Referring still to FIG. 4, the systems and components of the directional drilling system 100 may also be adjusted to reduce the background noise before the position 307. For example, the drill bit 10 may be lifted off the bottom of the wellbore 4 to reduce noise and vibration emissions from the drill bit 10 and wellbore 4 interactions. The downlink transmission 308 may then be transmitted more reliably, and the RSS low emission 312 may also be detected more reliability. Thus, it is anticipated that the amount of variation in the RSS signal 304 may also be reduced when the background noise is reduced, thus further increasing the detection reliability of the RSS low emission 312. It is also anticipated that the systems and components of the directional drilling system 100 may use different operating conditions during the downlink transmission 308 and the RSS low emission 312.

With or without reducing the background noise, the uplink receiver 48 or other sensor used to measure the RSS signal 304 may also have a “listening mode” where the uplink receiver 48 is configured to detect the RSS low emission 312 over a particular or predetermined time interval.

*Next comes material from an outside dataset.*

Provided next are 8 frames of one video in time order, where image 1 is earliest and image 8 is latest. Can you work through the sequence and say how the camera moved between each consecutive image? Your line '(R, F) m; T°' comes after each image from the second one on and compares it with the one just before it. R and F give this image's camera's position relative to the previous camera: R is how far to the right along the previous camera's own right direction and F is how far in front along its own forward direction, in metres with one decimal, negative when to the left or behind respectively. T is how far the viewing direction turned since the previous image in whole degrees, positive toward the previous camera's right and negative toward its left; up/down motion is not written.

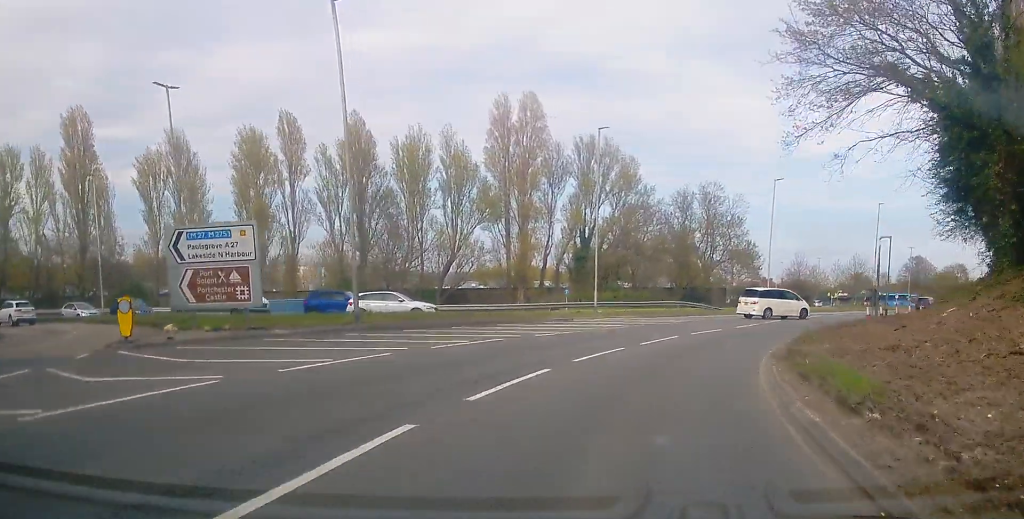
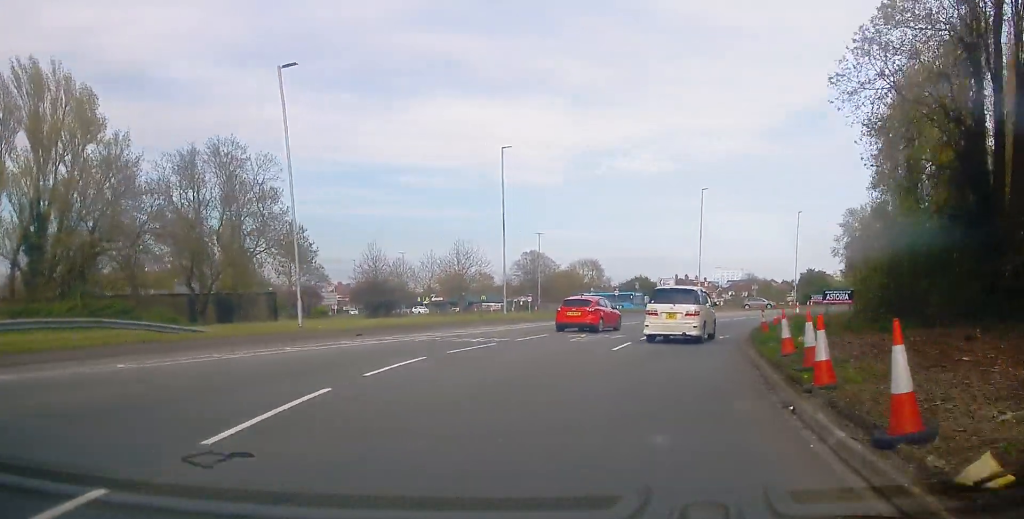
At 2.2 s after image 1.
(+12.8, +34.1) m; +44°
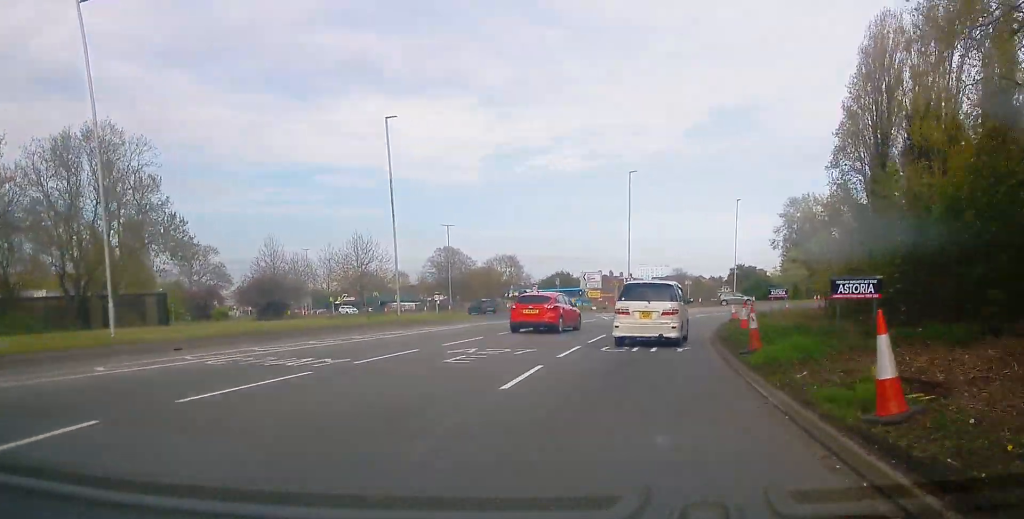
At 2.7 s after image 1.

Referring again to FIG. 4, at the position 309 the downlink transmission 308 is complete and thus the uplink receiver 48 may enter the listening mode and begin monitoring the RSS signal 304 for the RSS low emission 312. The period of time for the listening mode is shown as a RSS signal detection window 316, that begins at the position 309 and ends at a position 315. The duration of the RSS signal dwell time 314 is a programmed value, and so the duration of the RSS signal detection window 316 can also be programmed into the uplink receiver 48. If the RSS low emission 312 is not detected during the RSS signal detection window 316, another downlink transmission 308 can be initiated. Further, if the RSS low emission 312 is not detected during the RSS signal detection window 316, the systems and components of the directional drilling system 100 may be adjusted to reduce the background noise as previously described.

The listening mode is described with respect to the uplink receiver 48, however the listening mode may alternatively be used when the LWD/MWD tool 30 monitors the RSS signal 304. When the LWD/MWD detects the RSS low emission 312, the telemetry module 32 of the LWD/MWD tool 30, transmits an acknowledgement signal (“ACK signal”) to the surface via the uplink receiver 48 and/or the surface control unit 40. However, when the LWD/MWD tool 30 does not detect the RSS low emission 312, the telemetry module 34 of the LWD/MWD tool 30, transmits a no acknowledgement signal (“NACK signal”) to the surface via the uplink receiver 48 and/or the surface control unit 40. When the NACK signal is received, another downlink transmission 308 can be initiated.

The flowchart 400 of FIG. 5 illustrates command logic for a downlink acknowledgement system in accordance with one or more embodiments. Each example includes combinations of features previously described and are not intended to be limiting.

Referring to FIGS. 4 and 5, in a block 402, the downlink transmission 308 is sent as is shown by the position 307. In a block 404, the rotary steerable tool 200 detects the downlink transmission 308 and then in a block 406 the rotary steerable tool 200 performs an acknowledgement action to produce the RSS low emission 312. Next in a block 408, the rotary steerable tool 200 resumes normal operation as is shown by the position 313.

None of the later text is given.